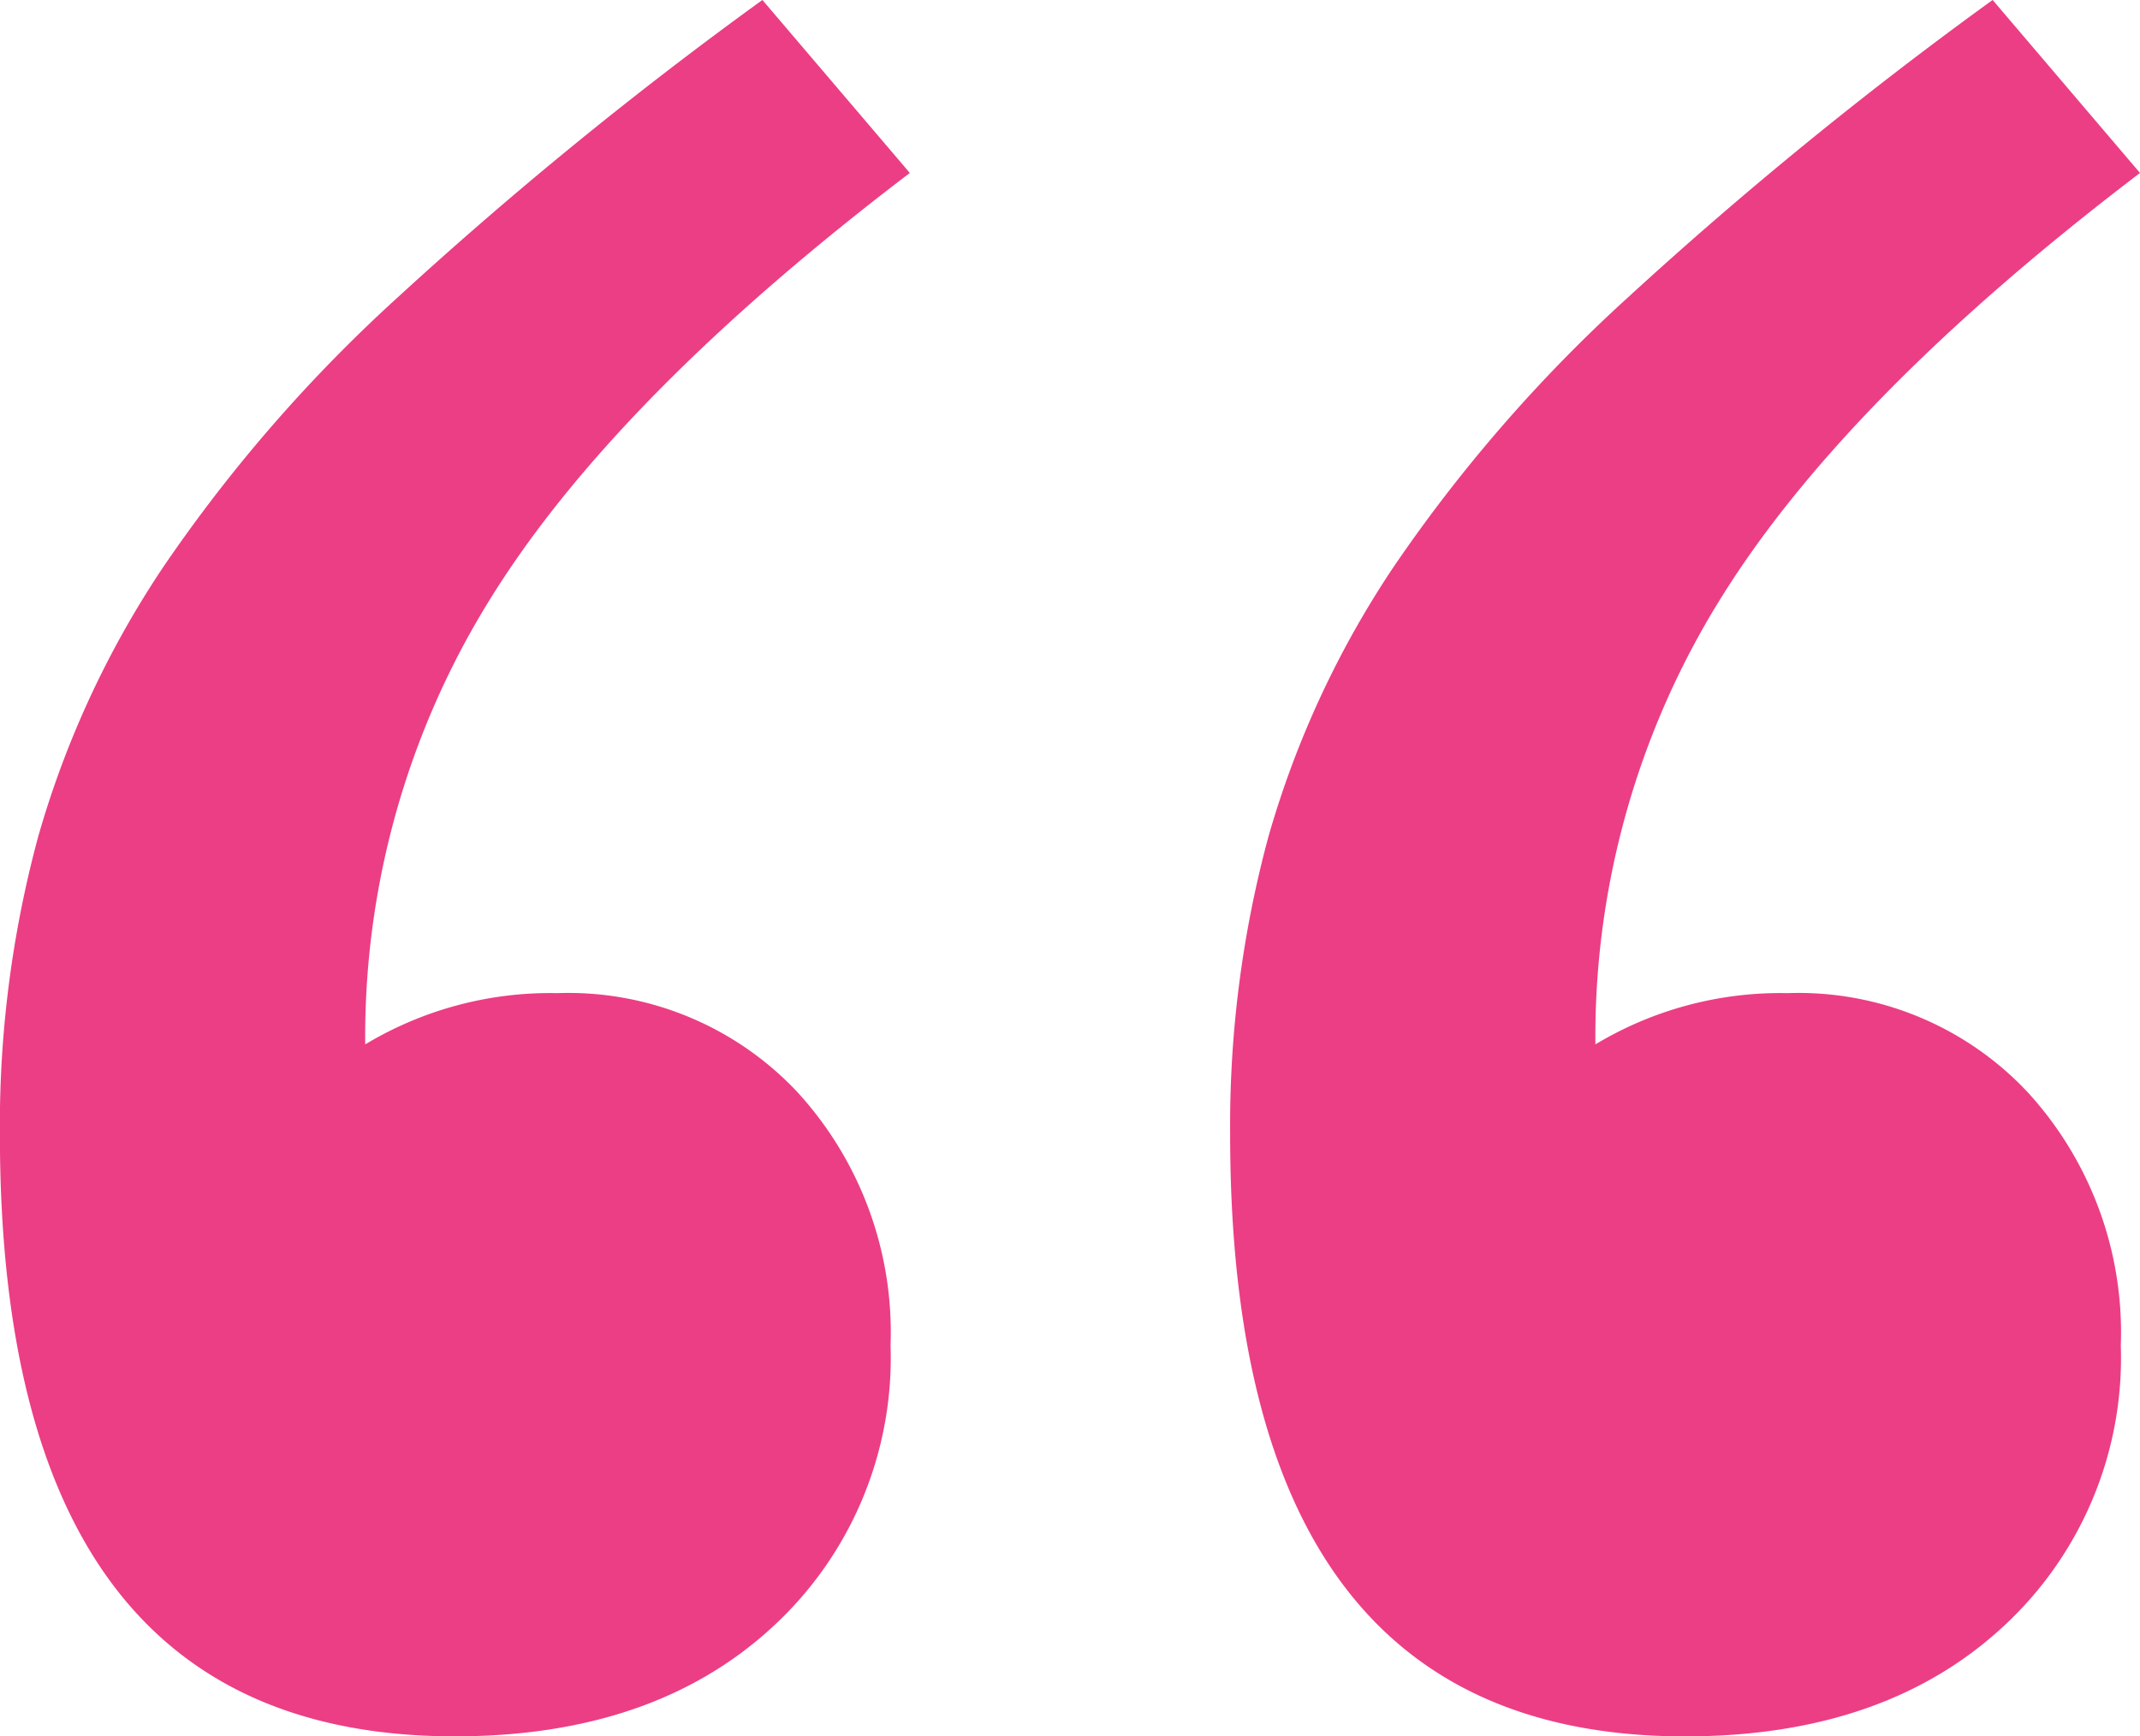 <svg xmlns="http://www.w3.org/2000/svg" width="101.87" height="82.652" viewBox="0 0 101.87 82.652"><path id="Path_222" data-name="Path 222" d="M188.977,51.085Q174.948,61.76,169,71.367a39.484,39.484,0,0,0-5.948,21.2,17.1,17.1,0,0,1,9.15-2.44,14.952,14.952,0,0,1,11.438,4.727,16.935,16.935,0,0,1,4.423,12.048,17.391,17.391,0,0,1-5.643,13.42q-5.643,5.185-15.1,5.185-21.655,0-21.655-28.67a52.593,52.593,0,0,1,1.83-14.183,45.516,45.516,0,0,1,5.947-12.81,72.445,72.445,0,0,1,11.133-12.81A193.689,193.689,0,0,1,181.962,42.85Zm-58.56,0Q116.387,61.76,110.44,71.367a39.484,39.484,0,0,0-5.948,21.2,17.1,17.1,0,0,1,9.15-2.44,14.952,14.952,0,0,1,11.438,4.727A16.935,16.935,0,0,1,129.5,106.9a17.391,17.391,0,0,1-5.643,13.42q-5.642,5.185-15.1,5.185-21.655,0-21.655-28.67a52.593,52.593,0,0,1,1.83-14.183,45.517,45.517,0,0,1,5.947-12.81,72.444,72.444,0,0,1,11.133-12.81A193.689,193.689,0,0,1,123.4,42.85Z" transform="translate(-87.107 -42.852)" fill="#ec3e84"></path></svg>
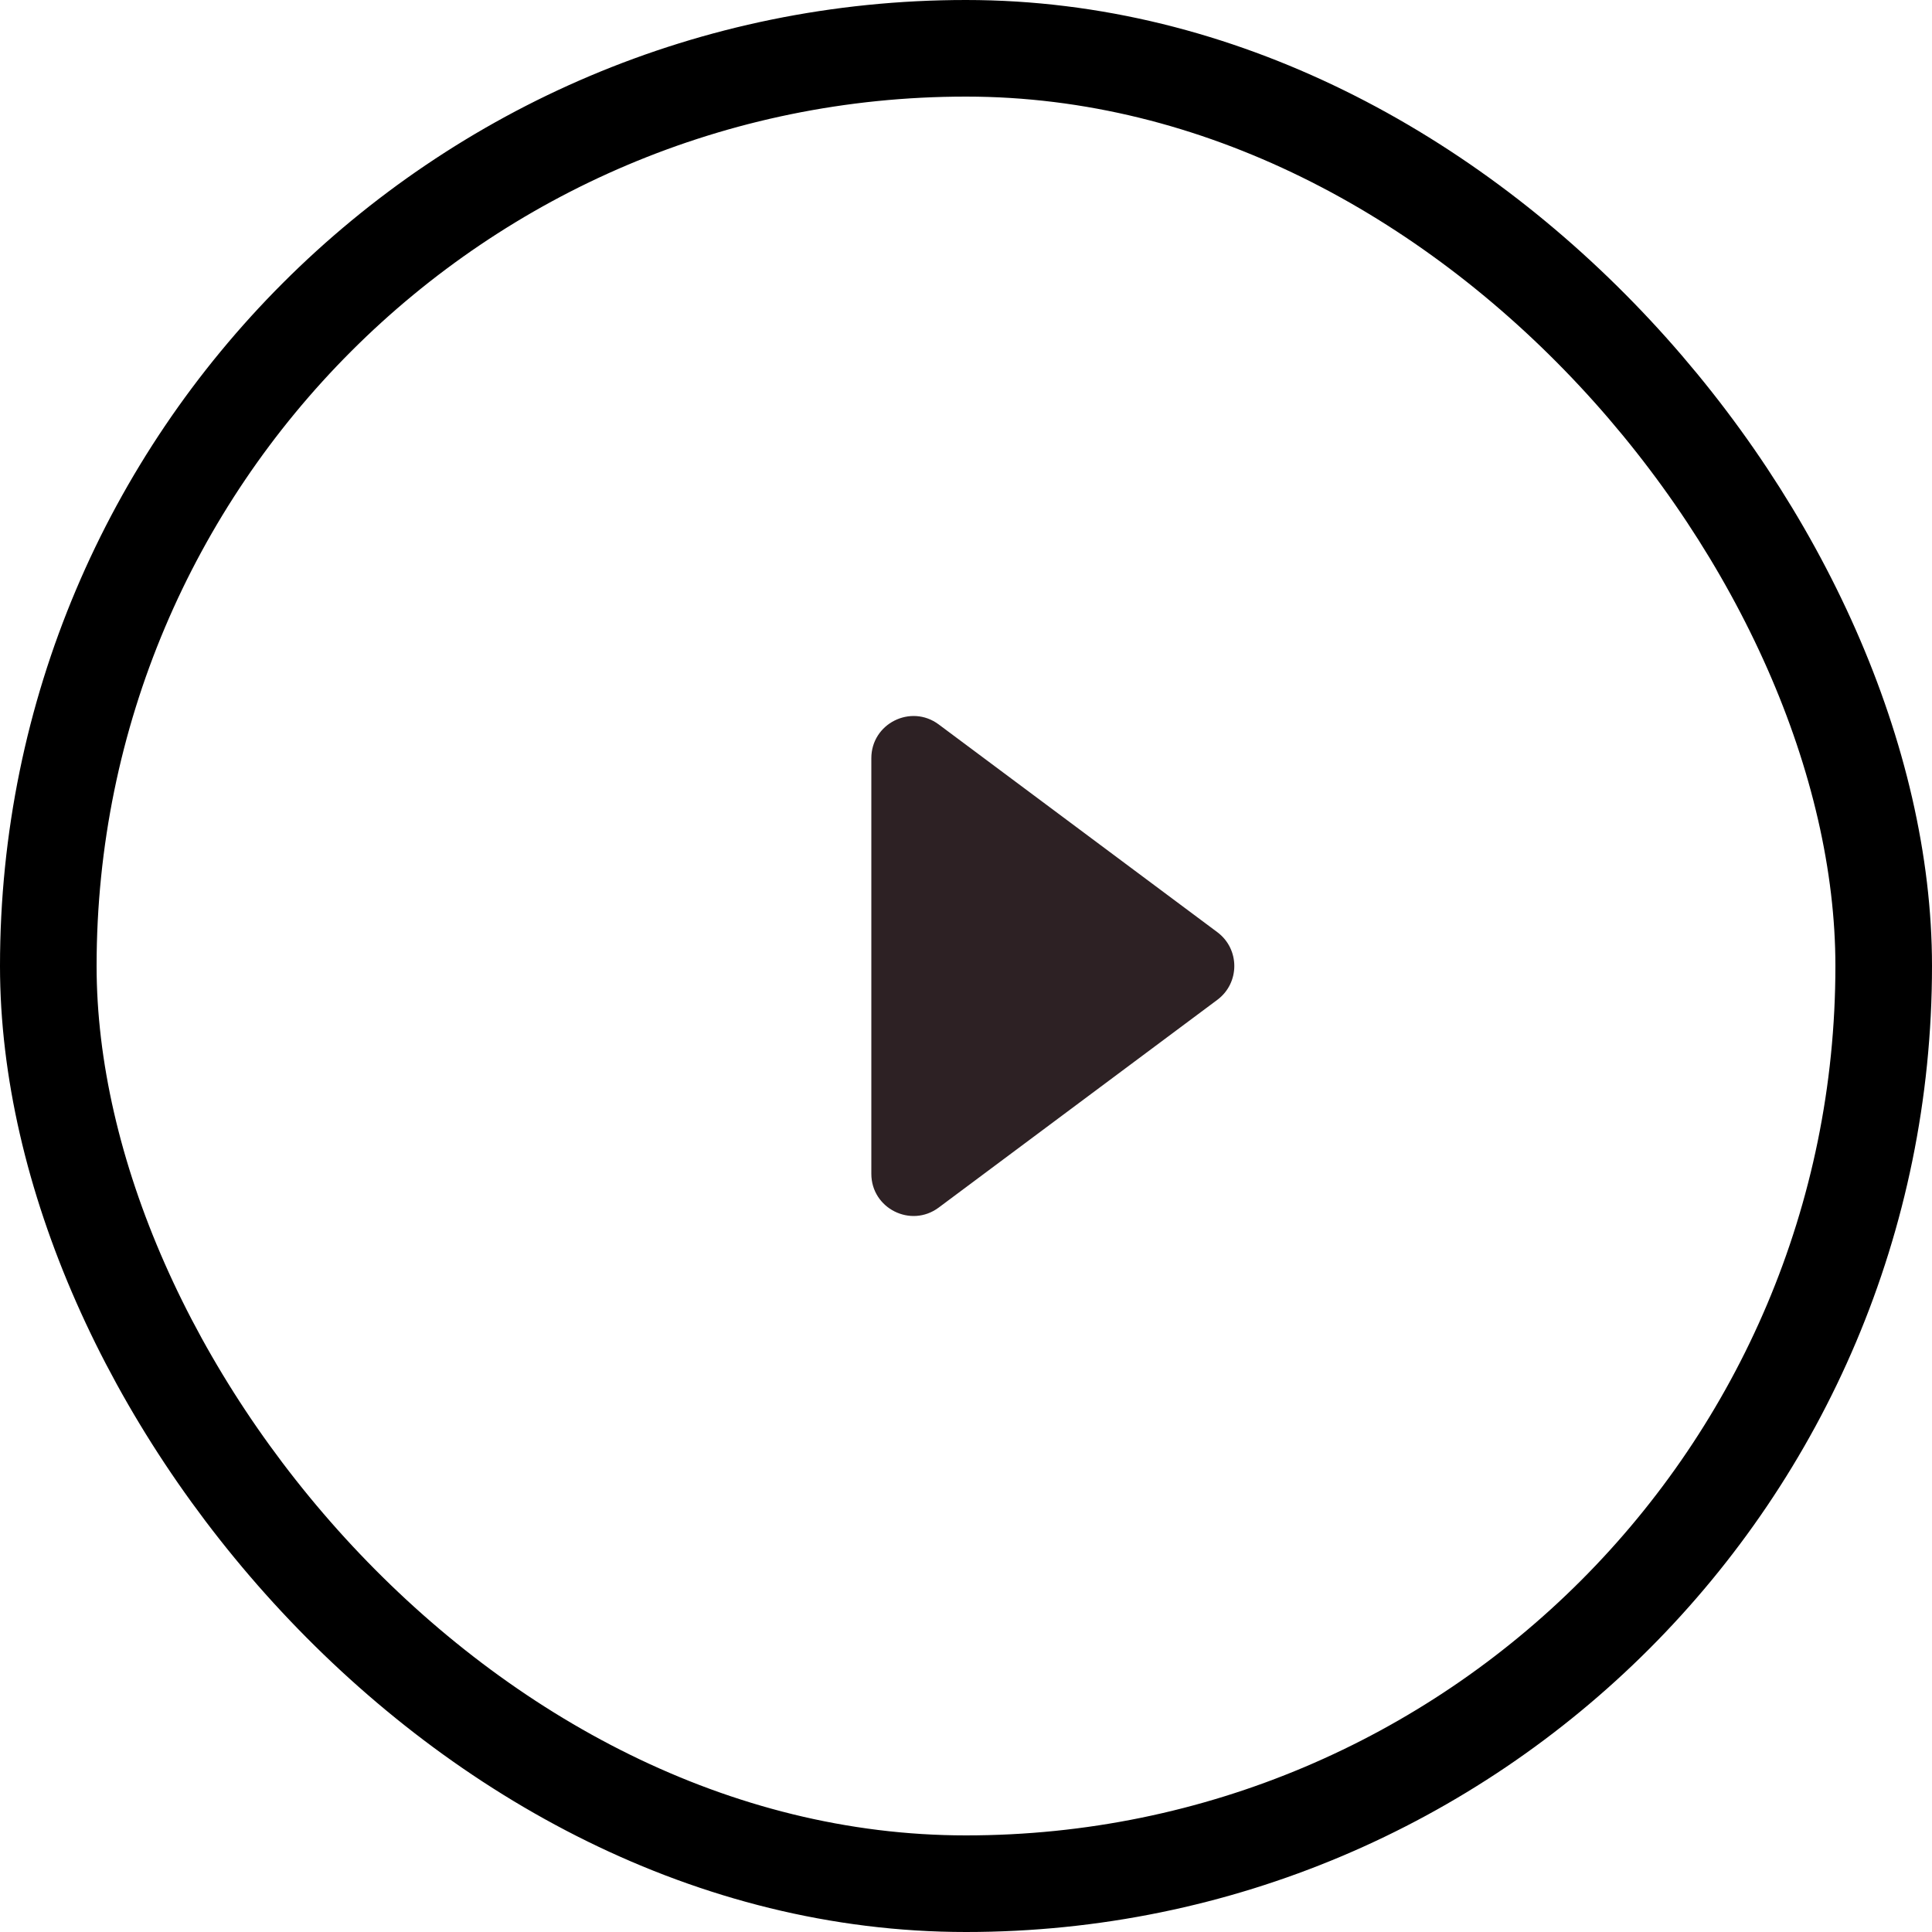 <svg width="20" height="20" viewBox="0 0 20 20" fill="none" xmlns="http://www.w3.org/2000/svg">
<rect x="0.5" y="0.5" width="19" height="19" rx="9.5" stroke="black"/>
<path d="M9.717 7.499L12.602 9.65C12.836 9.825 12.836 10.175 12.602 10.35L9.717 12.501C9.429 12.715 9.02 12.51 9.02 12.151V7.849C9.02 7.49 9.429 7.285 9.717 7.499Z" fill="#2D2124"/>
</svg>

++++++

Task to carry out -
Set down the material exactly as given, but print none of the pictures.

Output for this exercise -
 <svg xmlns="http://www.w3.org/2000/svg" width="101.87" height="82.652" viewBox="0 0 101.87 82.652"><path id="Path_222" data-name="Path 222" d="M188.977,51.085Q174.948,61.76,169,71.367a39.484,39.484,0,0,0-5.948,21.2,17.1,17.1,0,0,1,9.15-2.44,14.952,14.952,0,0,1,11.438,4.727,16.935,16.935,0,0,1,4.423,12.048,17.391,17.391,0,0,1-5.643,13.42q-5.643,5.185-15.1,5.185-21.655,0-21.655-28.67a52.593,52.593,0,0,1,1.83-14.183,45.516,45.516,0,0,1,5.947-12.81,72.445,72.445,0,0,1,11.133-12.81A193.689,193.689,0,0,1,181.962,42.85Zm-58.56,0Q116.387,61.76,110.44,71.367a39.484,39.484,0,0,0-5.948,21.2,17.1,17.1,0,0,1,9.15-2.44,14.952,14.952,0,0,1,11.438,4.727A16.935,16.935,0,0,1,129.5,106.9a17.391,17.391,0,0,1-5.643,13.42q-5.642,5.185-15.1,5.185-21.655,0-21.655-28.67a52.593,52.593,0,0,1,1.83-14.183,45.517,45.517,0,0,1,5.947-12.81,72.444,72.444,0,0,1,11.133-12.81A193.689,193.689,0,0,1,123.4,42.85Z" transform="translate(-87.107 -42.852)" fill="#ec3e84"></path></svg>
 <svg width="20" height="20" viewBox="0 0 20 20" fill="none" xmlns="http://www.w3.org/2000/svg">
<rect x="0.5" y="0.5" width="19" height="19" rx="9.5" stroke="black"/>
<path d="M9.717 7.499L12.602 9.65C12.836 9.825 12.836 10.175 12.602 10.35L9.717 12.501C9.429 12.715 9.02 12.51 9.02 12.151V7.849C9.02 7.49 9.429 7.285 9.717 7.499Z" fill="#2D2124"/>
</svg>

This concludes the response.